A swarm of small cheap agents beats one big model. The architectural advantage compounds. Isolated context, isolated failures, isolated cost.

Pure code wins where determinism matters. Routes, distances, tariff math, chokepoint geometry. None of these belong in an LLM. LLMs win where judgment matters: picking 3 of 369 ports, ranking 10 modality-expanded options across cost and risk, choosing a supplier. Getting that boundary right was 80% of the design work.

Latency is wall-clock, not retry count. Compound retries are how you turn a 60-second budget into a 180-second one. Every external call in the system has a hard wall-clock bound.

The asymmetry between the top 0.1% of importers and everyone else is not a hard problem anymore. It's a build problem. We built it in a weekend.

What's next for Habibti

Live freight indices.

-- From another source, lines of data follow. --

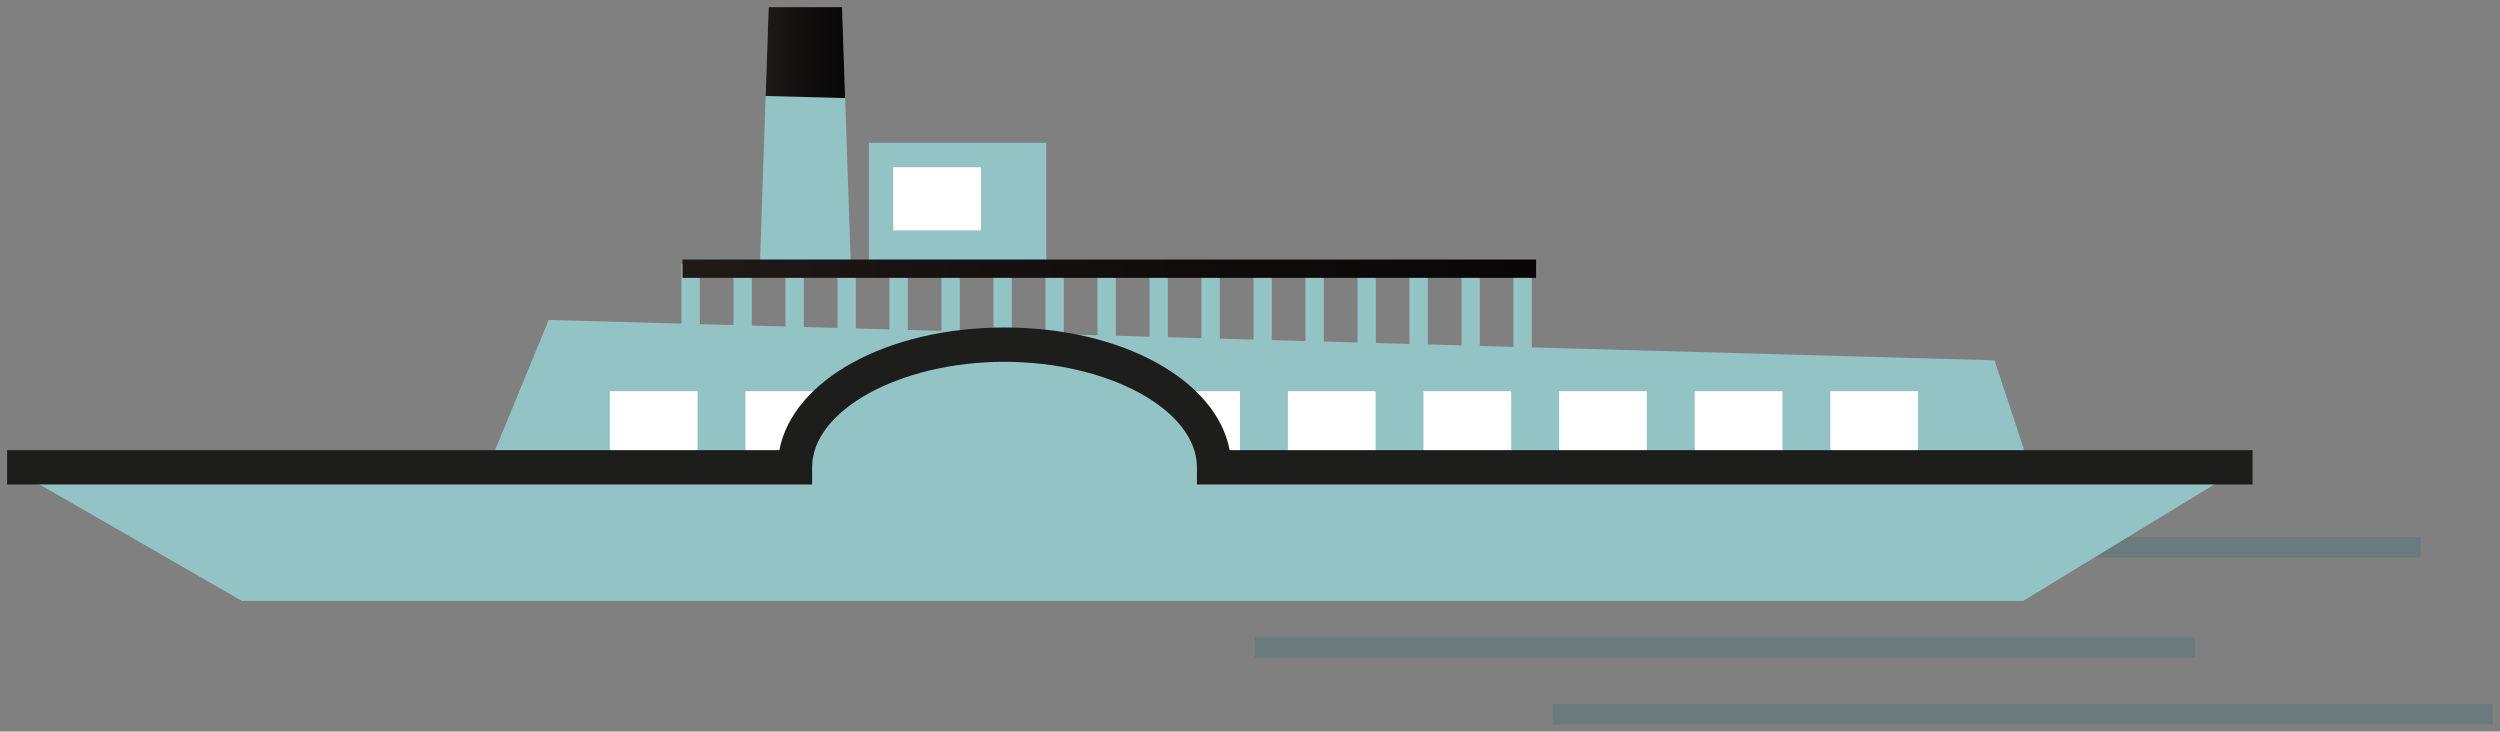 <?xml version="1.0" encoding="iso-8859-1"?>
<!-- Generator: Adobe Illustrator 17.1.0, SVG Export Plug-In . SVG Version: 6.00 Build 0)  -->
<!DOCTYPE svg PUBLIC "-//W3C//DTD SVG 1.1//EN" "http://www.w3.org/Graphics/SVG/1.1/DTD/svg11.dtd">
<svg version="1.1" id="Calque_1" xmlns="http://www.w3.org/2000/svg" xmlns:xlink="http://www.w3.org/1999/xlink" x="0px" y="0px"
	 width="704px" height="206px" viewBox="0 0 704 206" style="enable-background:new 0 0 704 206;" xml:space="preserve">
<rect x="0" y="0" width="704" height="206" fill="#808080" stroke="none"/>
<g>
	<rect x="336.548" y="130.687" style="opacity:0.2;fill:#126971;" width="264.783" height="5.747"/>
	<polygon style="fill:#93C3C5;" points="239.707,78.102 213.868,78.102 216.452,2 237.123,2 	"/>
	<rect x="244.668" y="40.214" style="fill:#93C3C5;" width="49.959" height="35.545"/>
	<rect x="251.558" y="47.094" style="fill:#FFFFFF;" width="24.693" height="17.774"/>
	<linearGradient id="SVGID_1_" gradientUnits="userSpaceOnUse" x1="215.602" y1="14.802" x2="237.991" y2="14.802">
		<stop  offset="0" style="stop-color:#201A17"/>
		<stop  offset="0.537" style="stop-color:#100D0C"/>
		<stop  offset="0.997" style="stop-color:#080607"/>
	</linearGradient>
	<polyline style="fill:url(#SVGID_1_);" points="215.602,27.031 216.452,2 237.123,2 237.991,27.604 	"/>
	<rect x="353.318" y="179.479" style="opacity:0.2;fill:#126971;" width="264.784" height="5.747"/>
	<rect x="437.216" y="198.253" style="opacity:0.2;fill:#126971;" width="264.784" height="5.747"/>
	<rect x="492.455" y="151.264" style="opacity:0.2;fill:#126971;" width="189.195" height="5.747"/>
	<g>
		<rect x="191.902" y="74.376" style="fill:#93C3C5;" width="5.167" height="33.538"/>
		<rect x="206.544" y="74.376" style="fill:#93C3C5;" width="5.167" height="33.538"/>
		<rect x="221.186" y="74.376" style="fill:#93C3C5;" width="5.169" height="33.538"/>
		<rect x="235.83" y="74.376" style="fill:#93C3C5;" width="5.169" height="33.538"/>
		<rect x="250.473" y="74.376" style="fill:#93C3C5;" width="5.168" height="33.538"/>
		<rect x="265.115" y="74.376" style="fill:#93C3C5;" width="5.169" height="33.538"/>
		<rect x="279.76" y="74.376" style="fill:#93C3C5;" width="5.169" height="33.538"/>
		<rect x="294.402" y="74.376" style="fill:#93C3C5;" width="5.17" height="33.538"/>
		<rect x="309.047" y="74.376" style="fill:#93C3C5;" width="5.166" height="33.538"/>
		<rect x="323.691" y="74.376" style="fill:#93C3C5;" width="5.168" height="33.538"/>
		<rect x="338.333" y="74.376" style="fill:#93C3C5;" width="5.169" height="33.538"/>
		<rect x="352.976" y="74.376" style="fill:#93C3C5;" width="5.168" height="33.538"/>
		<rect x="367.62" y="74.376" style="fill:#93C3C5;" width="5.168" height="33.538"/>
		<rect x="382.263" y="74.376" style="fill:#93C3C5;" width="5.168" height="33.538"/>
		<rect x="396.906" y="74.376" style="fill:#93C3C5;" width="5.168" height="33.538"/>
		<rect x="411.549" y="74.376" style="fill:#93C3C5;" width="5.168" height="33.538"/>
		<rect x="426.192" y="74.376" style="fill:#93C3C5;" width="5.168" height="33.538"/>
		<linearGradient id="SVGID_2_" gradientUnits="userSpaceOnUse" x1="192.193" y1="75.664" x2="432.559" y2="75.664">
			<stop  offset="0" style="stop-color:#201A17"/>
			<stop  offset="0.537" style="stop-color:#100D0C"/>
			<stop  offset="0.997" style="stop-color:#080607"/>
		</linearGradient>
		<rect x="192.193" y="73.084" style="fill:url(#SVGID_2_);" width="240.366" height="5.16"/>
	</g>
	<polygon style="fill:#93C3C5;" points="8.654,135.001 68.085,169.208 569.738,169.208 634.339,129.842 8.294,129.842 	"/>
	<polygon style="fill:#93C3C5;" points="571.032,129.842 138.146,129.842 154.512,90.093 561.652,101.464 	"/>
	<rect x="171.74" y="110.158" style="fill:#FFFFFF;" width="24.692" height="17.773"/>
	<rect x="209.926" y="110.158" style="fill:#FFFFFF;" width="24.693" height="17.773"/>
	<rect x="248.114" y="110.158" style="fill:#FFFFFF;" width="24.693" height="17.773"/>
	<rect x="286.3" y="110.158" style="fill:#FFFFFF;" width="24.693" height="17.773"/>
	<rect x="324.488" y="110.158" style="fill:#FFFFFF;" width="24.692" height="17.773"/>
	<rect x="362.674" y="110.158" style="fill:#FFFFFF;" width="24.693" height="17.773"/>
	<rect x="400.861" y="110.158" style="fill:#FFFFFF;" width="24.692" height="17.773"/>
	<rect x="439.049" y="110.158" style="fill:#FFFFFF;" width="24.692" height="17.773"/>
	<rect x="477.234" y="110.158" style="fill:#FFFFFF;" width="24.693" height="17.773"/>
	<rect x="515.422" y="110.158" style="fill:#FFFFFF;" width="24.692" height="17.773"/>
	<ellipse style="fill:#93C3C5;" cx="283.142" cy="133.519" rx="58.573" ry="34.542"/>
	<path style="fill:#1D1E1C;" d="M634.322,136.426H337.056v-4.833c0-16.103-24.812-29.707-54.183-29.707
		s-54.184,13.604-54.184,29.707v4.833H2v-9.666h217.464c3.751-19.718,30.255-34.54,63.409-34.54s59.658,14.822,63.409,34.54h288.04
		V136.426z"/>
</g>
</svg>

Our distance-based model is a strong approximation but Freightos FBX would replace it with real spot rates.

Bill of lading data. ImportYeti or Trademo would let us show actual shipment history for a candidate supplier, not just registry verification.

Direct supplier contact. Today we surface real exporters with URLs. Next we want to send the RFQ for you and rank the responses.

Beyond US imports. The pipeline is destination-agnostic in principle. We want to open it up to EU, UK, MENA importers next.

A real freight forwarder integration. At the bottom of every ranked option is a "book this" button that should actually book it. That means a Flexport-style API integration or a direct relationship with a forwarder who'll accept programmatic bookings. That's the moat.